Monday, March 26, 2012

Waiting Around

Hi.  Not much to report from Bamako.  The city has resumed much of its daily activities, though there's still a lot of tension.  Yesterday, wedding parties on mopeds were out driving on the streets, blaring their horns like normal.  Unfortunately, though the participants were ready, the neighborhood mayors' offices were closed, leading to much confusion.  To my mind, this is a good example of where Bamako is emotionally right now; most people want to get on with their daily lives, but there's mass confusion among the political/elite class.  It's entirely unclear how this coup d'état is going to work itself out.  There are several demonstrations planned today, the 26 March, in remembrance of the day 21 years ago when Amadou Toumani Touré, the Malian president just overthrown by the coup, staged a coup of his own and overthrew Mali's dictator, Moussa Traoré!  The irony is not lost on Malians...

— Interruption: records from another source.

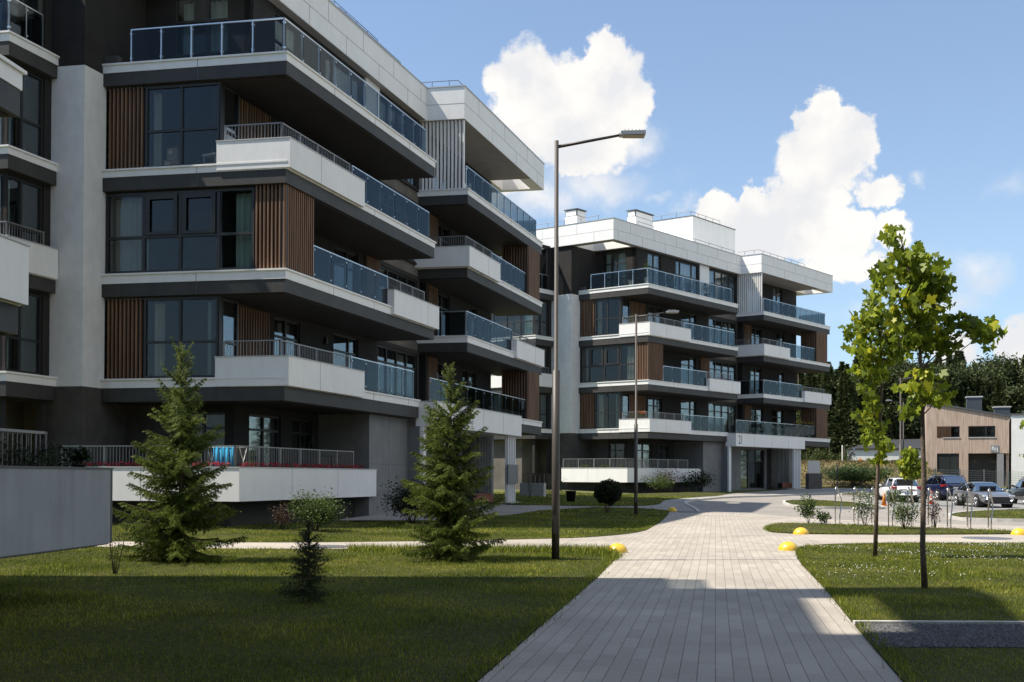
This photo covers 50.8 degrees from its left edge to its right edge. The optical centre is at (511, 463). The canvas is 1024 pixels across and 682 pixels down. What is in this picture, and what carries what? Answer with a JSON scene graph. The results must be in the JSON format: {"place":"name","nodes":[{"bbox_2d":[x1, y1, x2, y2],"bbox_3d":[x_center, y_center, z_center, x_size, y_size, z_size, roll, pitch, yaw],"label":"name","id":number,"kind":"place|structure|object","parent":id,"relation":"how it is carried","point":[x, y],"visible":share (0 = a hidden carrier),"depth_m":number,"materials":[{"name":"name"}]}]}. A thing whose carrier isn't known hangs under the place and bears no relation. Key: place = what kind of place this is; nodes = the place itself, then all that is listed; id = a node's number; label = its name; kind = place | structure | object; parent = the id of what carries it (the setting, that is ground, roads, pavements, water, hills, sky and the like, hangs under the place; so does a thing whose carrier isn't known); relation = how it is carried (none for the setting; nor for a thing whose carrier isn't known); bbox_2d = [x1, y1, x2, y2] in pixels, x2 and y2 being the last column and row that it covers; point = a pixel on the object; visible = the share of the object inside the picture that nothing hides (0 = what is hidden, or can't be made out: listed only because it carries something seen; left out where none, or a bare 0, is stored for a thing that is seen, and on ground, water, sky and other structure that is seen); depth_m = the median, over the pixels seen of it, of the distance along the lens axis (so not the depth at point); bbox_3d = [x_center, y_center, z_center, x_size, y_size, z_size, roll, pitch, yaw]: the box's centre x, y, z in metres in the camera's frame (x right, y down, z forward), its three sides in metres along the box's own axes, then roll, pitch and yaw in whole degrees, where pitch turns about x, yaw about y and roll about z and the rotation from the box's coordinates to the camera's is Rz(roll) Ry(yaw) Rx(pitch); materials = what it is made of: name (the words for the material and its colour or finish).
{"place":"outdoors","nodes":[
{"label":"outdoors","id":0,"kind":"place"},
{"bbox_2d":[95,538,572,548],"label":"cross path","id":1,"kind":"structure","parent":0,"point":[287,545],"depth_m":25.35,"materials":[{"name":"beige concrete"}]},
{"bbox_2d":[112,507,668,541],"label":"lawn","id":2,"kind":"structure","parent":0,"point":[396,530],"depth_m":31.77,"materials":[{"name":"grass"},{"name":"soil"}]},
{"bbox_2d":[280,487,350,530],"bbox_3d":[-5.575,1.295,30.588,2.089,1.350,2.031,0,-1,0],"label":"shrub","id":3,"kind":"object","parent":2,"relation":"on","point":[321,513],"visible":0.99,"depth_m":30.41,"materials":[{"name":"green plant"}]},
{"bbox_2d":[377,473,432,523],"bbox_3d":[-3.160,1.167,34.676,2.325,1.674,2.401,0,-1,0],"label":"shrub","id":4,"kind":"object","parent":2,"relation":"on","point":[398,505],"visible":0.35,"depth_m":34.37,"materials":[{"name":"green plant"}]},
{"bbox_2d":[593,478,623,512],"bbox_3d":[3.990,1.352,44.584,1.279,1.489,1.341,0,-1,0],"label":"shrub","id":5,"kind":"object","parent":2,"relation":"on","point":[607,491],"visible":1,"depth_m":44.31,"materials":[{"name":"green plant"}]},
{"bbox_2d":[634,310,678,514],"bbox_3d":[5.859,-1.971,43.757,1.795,8.523,0.279,0,-1,0],"label":"street lamp","id":6,"kind":"object","parent":2,"relation":"on","point":[636,458],"visible":0.99,"depth_m":43.70,"materials":[{"name":"grey metal"}]},
{"bbox_2d":[0,491,1023,681],"bbox_3d":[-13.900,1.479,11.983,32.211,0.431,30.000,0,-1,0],"label":"lawn","id":7,"kind":"structure","parent":0,"point":[113,676],"depth_m":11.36,"materials":[{"name":"green plant"}]},
{"bbox_2d":[106,337,247,563],"bbox_3d":[-6.107,-0.095,19.871,2.374,4.578,2.439,1,-1,-41],"label":"spruce tree","id":8,"kind":"object","parent":7,"relation":"on","point":[171,541],"visible":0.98,"depth_m":19.80,"materials":[{"name":"green plant"}]},
{"bbox_2d":[274,519,337,603],"bbox_3d":[-2.531,1.277,13.613,0.796,1.153,0.831,0,-1,30],"label":"spruce tree","id":9,"kind":"object","parent":7,"relation":"on","point":[310,591],"visible":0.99,"depth_m":13.55,"materials":[{"name":"green plant"}]},
{"bbox_2d":[398,361,506,562],"bbox_3d":[-1.105,0.051,20.671,2.067,3.999,2.381,0,-1,0],"label":"spruce tree","id":10,"kind":"object","parent":7,"relation":"on","point":[447,506],"visible":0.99,"depth_m":20.41,"materials":[{"name":"green plant"}]},
{"bbox_2d":[552,129,645,559],"bbox_3d":[1.660,-2.182,20.707,1.775,8.468,0.279,0,-1,0],"label":"street lamp","id":11,"kind":"object","parent":7,"relation":"on","point":[632,133],"visible":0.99,"depth_m":20.66,"materials":[{"name":"grey metal"}]},
{"bbox_2d":[126,486,1007,681],"bbox_3d":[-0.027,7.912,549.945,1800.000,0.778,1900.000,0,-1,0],"label":"ground","id":12,"kind":"structure","parent":0,"point":[731,492],"depth_m":39.35,"materials":[{"name":"grey concrete"}]},
{"bbox_2d":[0,54,113,558],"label":"apartment building","id":13,"kind":"structure","parent":12,"relation":"on","point":[45,509],"depth_m":13.72,"materials":[{"name":"grey paint"}]},
{"bbox_2d":[0,435,85,466],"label":"terrace plants","id":14,"kind":"object","parent":13,"relation":"on","point":[31,456],"visible":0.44,"depth_m":13.87,"materials":[{"name":"green plant"}]},
{"bbox_2d":[61,446,93,466],"bbox_3d":[-5.728,-0.056,14.236,0.448,0.341,0.369,0,-1,0],"label":"potted plant","id":15,"kind":"object","parent":13,"relation":"on","point":[83,455],"visible":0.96,"depth_m":14.20,"materials":[{"name":"green plant"}]},
{"bbox_2d":[0,0,544,526],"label":"apartment building","id":16,"kind":"structure","parent":12,"relation":"on","point":[362,168],"depth_m":34.83,"materials":[{"name":"white paint"}]},
{"bbox_2d":[6,293,40,374],"bbox_3d":[-14.650,-3.906,32.182,0.139,2.443,1.468,0,-1,18],"label":"window","id":17,"kind":"structure","parent":16,"relation":"in","point":[23,354],"depth_m":32.40,"materials":[{"name":"black"}]},
{"bbox_2d":[8,175,41,243],"bbox_3d":[-14.639,-7.212,32.221,0.139,2.482,1.468,0,-1,18],"label":"window","id":18,"kind":"structure","parent":16,"relation":"in","point":[24,197],"depth_m":32.29,"materials":[{"name":"black"}]},
{"bbox_2d":[8,71,42,157],"bbox_3d":[-14.628,-10.502,32.260,0.139,2.510,1.468,0,-1,18],"label":"window","id":19,"kind":"structure","parent":16,"relation":"in","point":[25,133],"depth_m":32.49,"materials":[{"name":"black"}]},
{"bbox_2d":[10,0,43,47],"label":"window","id":20,"kind":"structure","parent":16,"relation":"in","point":[17,13],"depth_m":32.45,"materials":[{"name":"black"}]},
{"bbox_2d":[105,187,255,273],"bbox_3d":[-10.300,-7.195,33.620,4.995,2.532,0.350,0,-1,11],"label":"window","id":21,"kind":"structure","parent":16,"relation":"in","point":[131,241],"depth_m":33.64,"materials":[{"name":"black"}]},
{"bbox_2d":[143,296,218,377],"bbox_3d":[-10.233,-3.889,33.566,2.495,2.493,0.348,0,-1,11],"label":"window","id":22,"kind":"structure","parent":16,"relation":"in","point":[159,342],"depth_m":33.59,"materials":[{"name":"black"}]},
{"bbox_2d":[145,82,219,166],"bbox_3d":[-10.209,-10.485,33.649,2.495,2.560,0.357,0,-1,11],"label":"window","id":23,"kind":"structure","parent":16,"relation":"in","point":[157,131],"depth_m":33.64,"materials":[{"name":"black"}]},
{"bbox_2d":[175,0,227,58],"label":"window","id":24,"kind":"structure","parent":16,"relation":"in","point":[217,11],"depth_m":35.80,"materials":[{"name":"black"}]},
{"bbox_2d":[209,447,247,466],"bbox_3d":[-8.375,-0.032,31.691,1.100,0.871,0.518,0,-1,11],"label":"drying rack","id":25,"kind":"object","parent":16,"relation":"on","point":[240,452],"visible":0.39,"depth_m":31.66,"materials":[{"name":"white metal"}]},
{"bbox_2d":[213,447,233,466],"bbox_3d":[-8.412,-0.129,31.504,0.644,0.711,0.184,0,-1,11],"label":"towel","id":26,"kind":"object","parent":25,"relation":"hanging from","point":[224,455],"visible":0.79,"depth_m":31.45,"materials":[{"name":"blue fabric"}]},
{"bbox_2d":[222,297,237,355],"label":"window","id":27,"kind":"structure","parent":16,"relation":"in","point":[230,307],"depth_m":33.87,"materials":[{"name":"black"}]},
{"bbox_2d":[223,85,239,139],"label":"window","id":28,"kind":"structure","parent":16,"relation":"in","point":[231,115],"depth_m":33.93,"materials":[{"name":"black"}]},
{"bbox_2d":[249,414,278,466],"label":"window","id":29,"kind":"structure","parent":16,"relation":"in","point":[263,430],"depth_m":36.19,"materials":[{"name":"black"}]},
{"bbox_2d":[275,11,297,57],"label":"window","id":30,"kind":"structure","parent":16,"relation":"in","point":[291,33],"depth_m":37.64,"materials":[{"name":"black"}]},
{"bbox_2d":[274,317,298,356],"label":"window","id":31,"kind":"structure","parent":16,"relation":"in","point":[287,330],"depth_m":37.61,"materials":[{"name":"black"}]},
{"bbox_2d":[292,418,309,467],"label":"window","id":32,"kind":"structure","parent":16,"relation":"in","point":[300,427],"depth_m":38.52,"materials":[{"name":"black"}]},
{"bbox_2d":[239,462,363,468],"bbox_3d":[-6.635,0.147,35.090,0.217,0.318,8.179,0,-1,18],"label":"geranium row","id":33,"kind":"object","parent":16,"relation":"attached to","point":[300,466],"visible":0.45,"depth_m":34.60,"materials":[{"name":"red plant"}]},
{"bbox_2d":[326,53,361,104],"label":"window","id":34,"kind":"structure","parent":16,"relation":"in","point":[342,74],"depth_m":41.78,"materials":[{"name":"black"}]},
{"bbox_2d":[334,333,356,368],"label":"window","id":35,"kind":"structure","parent":16,"relation":"in","point":[346,345],"depth_m":41.85,"materials":[{"name":"black"}]},
{"bbox_2d":[334,245,356,292],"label":"window","id":36,"kind":"structure","parent":16,"relation":"in","point":[339,266],"depth_m":41.85,"materials":[{"name":"black"}]},
{"bbox_2d":[378,345,415,398],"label":"window","id":37,"kind":"structure","parent":16,"relation":"in","point":[386,355],"depth_m":46.39,"materials":[{"name":"black"}]},
{"bbox_2d":[378,185,416,261],"bbox_3d":[-5.005,-10.264,46.499,0.139,2.500,4.168,0,-1,18],"label":"window","id":38,"kind":"structure","parent":16,"relation":"in","point":[386,196],"depth_m":46.49,"materials":[{"name":"black"}]},
{"bbox_2d":[380,265,415,295],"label":"window","id":39,"kind":"structure","parent":16,"relation":"in","point":[383,270],"depth_m":46.30,"materials":[{"name":"black"}]},
{"bbox_2d":[380,95,416,187],"bbox_3d":[-4.992,-13.839,46.542,0.139,2.950,4.168,0,-1,18],"label":"window","id":40,"kind":"structure","parent":16,"relation":"in","point":[396,118],"depth_m":46.81,"materials":[{"name":"black"}]},
{"bbox_2d":[438,293,448,335],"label":"window","id":41,"kind":"structure","parent":16,"relation":"in","point":[443,301],"depth_m":52.29,"materials":[{"name":"black"}]},
{"bbox_2d":[462,369,474,406],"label":"window","id":42,"kind":"structure","parent":16,"relation":"in","point":[468,377],"depth_m":55.74,"materials":[{"name":"black"}]},
{"bbox_2d":[539,394,547,428],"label":"window","id":43,"kind":"structure","parent":16,"relation":"in","point":[543,398],"depth_m":76.66,"materials":[{"name":"black"}]},
{"bbox_2d":[491,208,832,492],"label":"apartment building","id":44,"kind":"structure","parent":12,"relation":"on","point":[743,326],"depth_m":78.67,"materials":[{"name":"white paint"}]},
{"bbox_2d":[491,314,533,337],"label":"window","id":45,"kind":"structure","parent":44,"relation":"in","point":[528,321],"depth_m":76.64,"materials":[{"name":"black"}]},
{"bbox_2d":[535,300,547,335],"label":"window","id":46,"kind":"structure","parent":44,"relation":"in","point":[541,328],"depth_m":76.69,"materials":[{"name":"black"}]},
{"bbox_2d":[540,247,547,288],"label":"window","id":47,"kind":"structure","parent":44,"relation":"in","point":[544,257],"depth_m":76.80,"materials":[{"name":"black"}]},
{"bbox_2d":[580,344,634,382],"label":"window","id":48,"kind":"structure","parent":44,"relation":"in","point":[630,364],"depth_m":75.14,"materials":[{"name":"black"}]},
{"bbox_2d":[595,297,620,335],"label":"window","id":49,"kind":"structure","parent":44,"relation":"in","point":[599,319],"depth_m":76.26,"materials":[{"name":"black"}]},
{"bbox_2d":[595,392,620,428],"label":"window","id":50,"kind":"structure","parent":44,"relation":"in","point":[601,397],"depth_m":75.82,"materials":[{"name":"black"}]},
{"bbox_2d":[603,250,625,287],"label":"window","id":51,"kind":"structure","parent":44,"relation":"in","point":[620,263],"depth_m":77.81,"materials":[{"name":"black"}]},
{"bbox_2d":[638,443,650,467],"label":"window","id":52,"kind":"structure","parent":44,"relation":"in","point":[644,450],"depth_m":77.65,"materials":[{"name":"black"}]},
{"bbox_2d":[648,253,659,285],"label":"window","id":53,"kind":"structure","parent":44,"relation":"in","point":[654,260],"depth_m":78.70,"materials":[{"name":"black"}]},
{"bbox_2d":[676,260,697,294],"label":"window","id":54,"kind":"structure","parent":44,"relation":"in","point":[683,269],"depth_m":81.88,"materials":[{"name":"black"}]},
{"bbox_2d":[681,400,694,429],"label":"window","id":55,"kind":"structure","parent":44,"relation":"in","point":[687,407],"depth_m":82.00,"materials":[{"name":"black"}]},
{"bbox_2d":[681,356,694,384],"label":"window","id":56,"kind":"structure","parent":44,"relation":"in","point":[686,362],"depth_m":81.92,"materials":[{"name":"black"}]},
{"bbox_2d":[709,318,734,346],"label":"window","id":57,"kind":"structure","parent":44,"relation":"in","point":[713,323],"depth_m":85.56,"materials":[{"name":"black"}]},
{"bbox_2d":[709,403,734,432],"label":"window","id":58,"kind":"structure","parent":44,"relation":"in","point":[726,411],"depth_m":85.47,"materials":[{"name":"black"}]},
{"bbox_2d":[709,269,735,302],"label":"window","id":59,"kind":"structure","parent":44,"relation":"in","point":[715,278],"depth_m":85.79,"materials":[{"name":"black"}]},
{"bbox_2d":[710,360,734,380],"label":"window","id":60,"kind":"structure","parent":44,"relation":"in","point":[715,366],"depth_m":85.70,"materials":[{"name":"black"}]},
{"bbox_2d":[741,449,763,487],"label":"window","id":61,"kind":"structure","parent":44,"relation":"in","point":[752,461],"depth_m":87.37,"materials":[{"name":"black"}]},
{"bbox_2d":[751,407,762,433],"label":"window","id":62,"kind":"structure","parent":44,"relation":"in","point":[757,413],"depth_m":90.10,"materials":[{"name":"black"}]},
{"bbox_2d":[680,468,717,491],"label":"shrub","id":63,"kind":"object","parent":12,"relation":"on","point":[703,482],"visible":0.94,"depth_m":76.11,"materials":[{"name":"green plant"}]},
{"bbox_2d":[684,491,873,511],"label":"kerb","id":64,"kind":"structure","parent":12,"relation":"on","point":[686,502],"depth_m":69.59,"materials":[{"name":"concrete"}]},
{"bbox_2d":[806,461,821,488],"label":"entrance wall","id":65,"kind":"structure","parent":12,"relation":"on","point":[813,477],"depth_m":89.76,"materials":[{"name":"grey"}]},
{"bbox_2d":[803,372,841,459],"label":"forest tree","id":66,"kind":"object","parent":12,"relation":"on","point":[825,384],"visible":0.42,"depth_m":142.14,"materials":[{"name":"green plant"}]},
{"bbox_2d":[822,372,860,459],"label":"forest tree","id":67,"kind":"object","parent":12,"relation":"on","point":[834,412],"visible":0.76,"depth_m":141.04,"materials":[{"name":"green plant"}]},
{"bbox_2d":[828,364,861,458],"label":"forest tree","id":68,"kind":"object","parent":12,"relation":"on","point":[848,384],"visible":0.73,"depth_m":140.49,"materials":[{"name":"green plant"}]},
{"bbox_2d":[821,463,897,485],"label":"hedge","id":69,"kind":"object","parent":12,"relation":"on","point":[868,474],"visible":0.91,"depth_m":102.37,"materials":[{"name":"green plant"}]},
{"bbox_2d":[846,439,920,460],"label":"house","id":70,"kind":"structure","parent":12,"relation":"on","point":[859,452],"depth_m":130.47,"materials":[{"name":"grey"}]},
{"bbox_2d":[872,375,915,437],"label":"forest tree","id":71,"kind":"object","parent":12,"relation":"on","point":[896,403],"visible":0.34,"depth_m":141.00,"materials":[{"name":"green plant"}]},
{"bbox_2d":[882,380,908,439],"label":"forest tree","id":72,"kind":"object","parent":12,"relation":"on","point":[896,429],"visible":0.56,"depth_m":141.09,"materials":[{"name":"green plant"}]},
{"bbox_2d":[871,354,928,436],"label":"forest tree","id":73,"kind":"object","parent":12,"relation":"on","point":[901,369],"visible":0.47,"depth_m":141.12,"materials":[{"name":"green plant"}]},
{"bbox_2d":[820,465,1023,489],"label":"fence","id":74,"kind":"object","parent":12,"relation":"on","point":[957,472],"visible":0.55,"depth_m":102.82,"materials":[{"name":"brown"}]},
{"bbox_2d":[853,620,1023,632],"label":"kerb","id":75,"kind":"structure","parent":12,"relation":"on","point":[931,622],"depth_m":11.75,"materials":[{"name":"concrete"}]},
{"bbox_2d":[924,358,975,406],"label":"forest tree","id":76,"kind":"object","parent":12,"relation":"on","point":[956,378],"visible":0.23,"depth_m":145.98,"materials":[{"name":"green plant"}]},
{"bbox_2d":[948,508,1023,521],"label":"kerb","id":77,"kind":"structure","parent":12,"relation":"on","point":[986,519],"depth_m":41.29,"materials":[{"name":"concrete"}]},
{"bbox_2d":[964,362,1012,410],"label":"forest tree","id":78,"kind":"object","parent":12,"relation":"on","point":[990,374],"visible":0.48,"depth_m":146.18,"materials":[{"name":"green plant"}]},
{"bbox_2d":[962,351,1023,394],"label":"forest tree","id":79,"kind":"object","parent":12,"relation":"on","point":[1008,364],"visible":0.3,"depth_m":149.86,"materials":[{"name":"green plant"}]},
{"bbox_2d":[988,379,1006,412],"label":"forest tree","id":80,"kind":"object","parent":12,"relation":"on","point":[996,399],"visible":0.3,"depth_m":141.25,"materials":[{"name":"green plant"}]},
{"bbox_2d":[990,382,1023,413],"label":"forest tree","id":81,"kind":"object","parent":12,"relation":"on","point":[1015,393],"visible":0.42,"depth_m":143.02,"materials":[{"name":"green plant"}]},
{"bbox_2d":[1007,411,1023,488],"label":"white house","id":82,"kind":"structure","parent":12,"relation":"on","point":[1016,445],"depth_m":107.08,"materials":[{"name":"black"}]},
{"bbox_2d":[113,512,1023,681],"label":"path","id":83,"kind":"structure","parent":0,"point":[711,597],"depth_m":12.16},
{"bbox_2d":[250,522,1010,681],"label":"edge grass","id":84,"kind":"structure","parent":83,"relation":"on","point":[585,549],"depth_m":19.04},
{"bbox_2d":[486,490,725,505],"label":"lawn","id":85,"kind":"structure","parent":0,"point":[692,494],"depth_m":63.05,"materials":[{"name":"grass"},{"name":"soil"}]},
{"bbox_2d":[520,474,545,496],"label":"garden wall","id":86,"kind":"structure","parent":85,"relation":"on","point":[538,489],"depth_m":60.26,"materials":[{"name":"concrete"}]},
{"bbox_2d":[340,488,874,519],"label":"side path","id":87,"kind":"structure","parent":0,"point":[679,505],"depth_m":49.93,"materials":[{"name":"grey concrete"}]},
{"bbox_2d":[331,0,1023,373],"label":"sky","id":88,"kind":"structure","parent":0,"point":[805,129],"materials":[{"name":"blue"}]},
{"bbox_2d":[688,492,1023,525],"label":"road","id":89,"kind":"structure","parent":0,"point":[765,505],"depth_m":53.16,"materials":[{"name":"grey asphalt"}]},
{"bbox_2d":[766,523,1011,533],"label":"lawn","id":90,"kind":"structure","parent":0,"point":[827,529],"depth_m":32.53,"materials":[{"name":"plant"}]},
{"bbox_2d":[794,493,817,522],"bbox_3d":[10.303,1.572,37.772,0.852,1.098,1.008,0,-1,16],"label":"shrub","id":91,"kind":"object","parent":90,"relation":"on","point":[808,507],"visible":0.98,"depth_m":37.62,"materials":[{"name":"green plant"}]},
{"bbox_2d":[848,480,874,525],"bbox_3d":[11.568,1.316,35.194,1.055,1.556,0.837,0,-1,0],"label":"shrub","id":92,"kind":"object","parent":90,"relation":"on","point":[866,505],"visible":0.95,"depth_m":35.17,"materials":[{"name":"green plant"}]},
{"bbox_2d":[886,494,927,528],"bbox_3d":[12.136,1.449,33.227,1.194,1.249,1.434,0,-1,0],"label":"shrub","id":93,"kind":"object","parent":90,"relation":"on","point":[903,513],"visible":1,"depth_m":33.00,"materials":[{"name":"green plant"}]},
{"bbox_2d":[801,459,1005,490],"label":"bank","id":94,"kind":"structure","parent":0,"point":[826,485],"depth_m":108.30,"materials":[{"name":"green plant"}]},
{"bbox_2d":[924,396,1010,486],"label":"timber house","id":95,"kind":"structure","parent":94,"relation":"on","point":[972,437],"depth_m":109.09,"materials":[{"name":"brown wood"}]},
{"bbox_2d":[937,454,958,475],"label":"window","id":96,"kind":"structure","parent":95,"relation":"in","point":[946,463],"depth_m":109.40,"materials":[{"name":"black"}]},
{"bbox_2d":[797,534,1023,543],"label":"cross path","id":97,"kind":"structure","parent":0,"point":[831,539],"depth_m":28.27,"materials":[{"name":"beige concrete"}]},
{"bbox_2d":[798,542,1023,681],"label":"lawn","id":98,"kind":"structure","parent":0,"point":[949,678],"depth_m":13.49,"materials":[{"name":"grass"}]},
{"bbox_2d":[838,292,908,556],"bbox_3d":[7.371,-0.769,21.588,1.573,5.406,0.998,0,-1,0],"label":"maple tree","id":99,"kind":"object","parent":98,"relation":"on","point":[863,327],"visible":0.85,"depth_m":21.51,"materials":[{"name":"green plant"}]},
{"bbox_2d":[861,223,1007,588],"bbox_3d":[6.156,-0.820,15.588,2.090,5.359,0.904,0,-1,0],"label":"maple tree","id":100,"kind":"object","parent":98,"relation":"on","point":[929,287],"visible":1,"depth_m":15.52,"materials":[{"name":"green plant"}]},
{"bbox_2d":[858,623,1023,647],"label":"gravel","id":101,"kind":"structure","parent":98,"relation":"on","point":[879,642],"depth_m":10.44,"materials":[{"name":"grey gravel"}]},
{"bbox_2d":[865,496,1023,508],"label":"car park","id":102,"kind":"structure","parent":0,"point":[1018,505],"depth_m":63.52,"materials":[{"name":"grey asphalt"}]},
{"bbox_2d":[879,478,920,501],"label":"parked car","id":103,"kind":"object","parent":102,"relation":"on","point":[901,484],"visible":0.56,"depth_m":66.94,"materials":[{"name":"white paint"}]},
{"bbox_2d":[895,446,927,504],"bbox_3d":[22.918,0.695,61.890,1.888,3.432,1.412,0,-1,0],"label":"maple tree","id":104,"kind":"object","parent":102,"relation":"on","point":[909,466],"visible":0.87,"depth_m":61.69,"materials":[{"name":"green plant"}]},
{"bbox_2d":[919,475,966,500],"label":"parked car","id":105,"kind":"object","parent":102,"relation":"on","point":[938,485],"visible":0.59,"depth_m":71.38,"materials":[{"name":"blue paint"}]},
{"bbox_2d":[953,482,1014,507],"bbox_3d":[26.893,1.799,61.569,2.190,1.481,4.950,0,-1,2],"label":"parked car","id":106,"kind":"object","parent":102,"relation":"on","point":[979,492],"visible":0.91,"depth_m":60.45,"materials":[{"name":"grey paint"}]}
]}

At this point, I'm just waiting around to see what happens.  I had been planning to go out today and begin kora and n'goni lessons again, but what with the demonstrations, I'm going to wait until tomorrow.  Several of my Fulbright colleagues have decided to leave the country, while several others have decided to stay and see if the situation worsens.  I'll also be staying, for the time being.

Exciting times!

Oh, and a quick political postscript.  There's been a fair amount of analysis in the world media of Mali's coup, and I've found much of it superficial, in that most commentators have universally condemned a coup against a "functioning democracy" that was less than two months away from presidential elections.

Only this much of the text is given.